I bet Gandhi would have secretly loved this book.
Scrapps rescues the Omega Men while murdering a lot of good government soldiers. They need the key and Kyle Rayner to enact their plan (and probably Rayner's White Lantern ring) but Kyle has escaped thanks to the power of prayer. Or maybe the power of struggling with his bonds and breaking free due to increased adrenaline and overloading systems? Whatever. I'm sure either way it was a miracle and the will of God.
I'm actually glad Kalista makes a point of acknowledging that this is all just their plan gone completely fubar as they try to salvage it the best they can. It's kind of refreshing to have a leader without a plan that only an omniscient being could have really pulled off. Tom King understands the crutches of comic book writing tropes and refuses to be a part of the system. He's like...well, I can't think of something to compare him to but I'm sure it's staring me right in the face.

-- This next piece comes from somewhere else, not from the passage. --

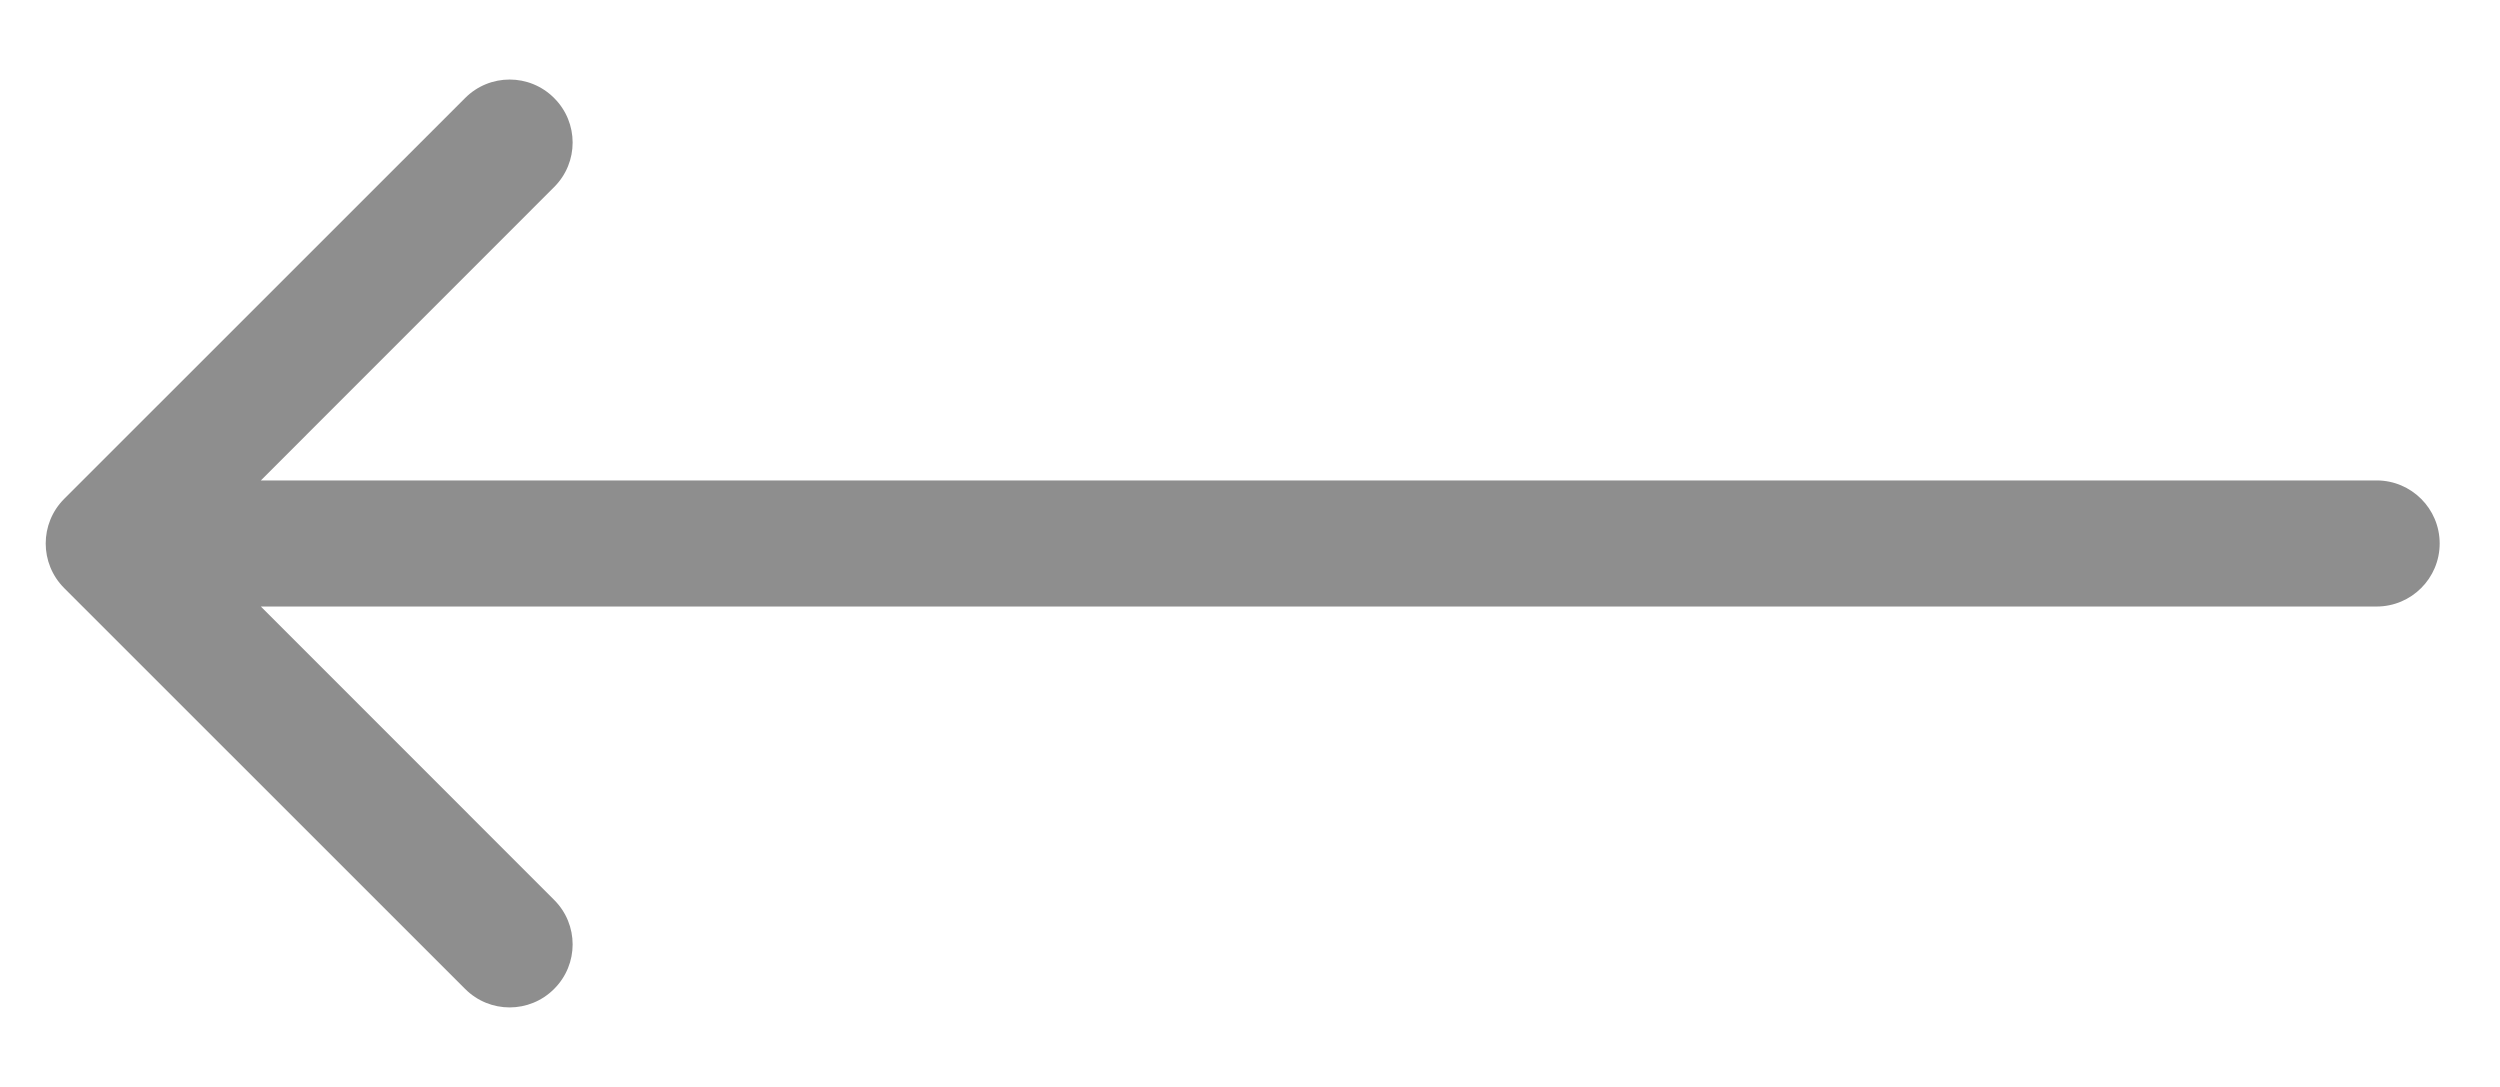 <?xml version="1.0" encoding="utf-8"?>
<svg xmlns="http://www.w3.org/2000/svg" fill="none" height="100%" overflow="visible" preserveAspectRatio="none" style="display: block;" viewBox="0 0 23 10" width="100%">
<path d="M21.865 5.58C22.185 5.58 22.445 5.32 22.445 5C22.445 4.68 22.185 4.42 21.865 4.42V5.58ZM0.59 4.59C0.364 4.817 0.364 5.183 0.59 5.41L4.279 9.098C4.505 9.325 4.872 9.325 5.098 9.098C5.325 8.872 5.325 8.505 5.098 8.279L1.82 5L5.098 1.721C5.325 1.495 5.325 1.128 5.098 0.902C4.872 0.675 4.505 0.675 4.279 0.902L0.59 4.59ZM21.865 5V4.42H1V5V5.58H21.865V5Z" fill="#8E8E8E" id="Frame 1000004527 --&gt; Frame 1000004529"/>
</svg>

The space station crashes into the planet's surface. It was a partially controlled descent which is the excuse I'm making up to believe that everybody survived. It might not look like they all survived but Kalista is speaking when Kyle Rayner finds her to explain that it's their chance to get away while the terrorists are unconscious and probably not dead at all because The Omega Men don't have that many members to burn through in the first half of the story. Kyle apparently still buys the whole Kalista is a hostage nonsense. So the bomb comes to Kalista and now she can finish her plan if she doesn't die from internal bleeding first.
The Omega Men #6 Rating: +2 Ranking. I've been reading all of DC's comics for the past four years now and I've come to this conclusion: comic books should stop with the open-ended series business. Giving a writer a job where all they really need is a title or premise or character as the premise for their ongoing book just encourages them to vomit up any old bullshit story they can think of to make their deadlines. Sprinkle in some nonsense hooks that may or may not play out during each story to make the reader believe more is going on than just an overpowered fist fight and a writer thinks they're doing a great fucking job. I'm more than a little bit sick of reading what amounts to writing an essay the night before it's due. I suppose I can choose to read more actual books, or more independent comic books, or just watch movies! But I like mainstream superhero comic books. Unless I just like writing shit about them? No, I think I really like them for some reason I can't quite make up. I just want more mainstream superhero comic books like The Omega Men. I want stories which have been plotted out and which take place in fleshed out worlds with motivated characters. I want less books like Cullen Bunn's Aquaman and more books like Tom King's anything he writes. Or more books like the original twenty issues of Elfquest! Maybe the real problem is that I'm not fangendering correctly. I'm supposed to not give a shit about the story and just love characters so much that I buy whatever they appear in and then bitch and moan constantly when a writer isn't writing them to my perceived notion of the correct way to write the character. I think, maybe, I want too much from the medium. Maybe I should just reread everything by Chris Ware.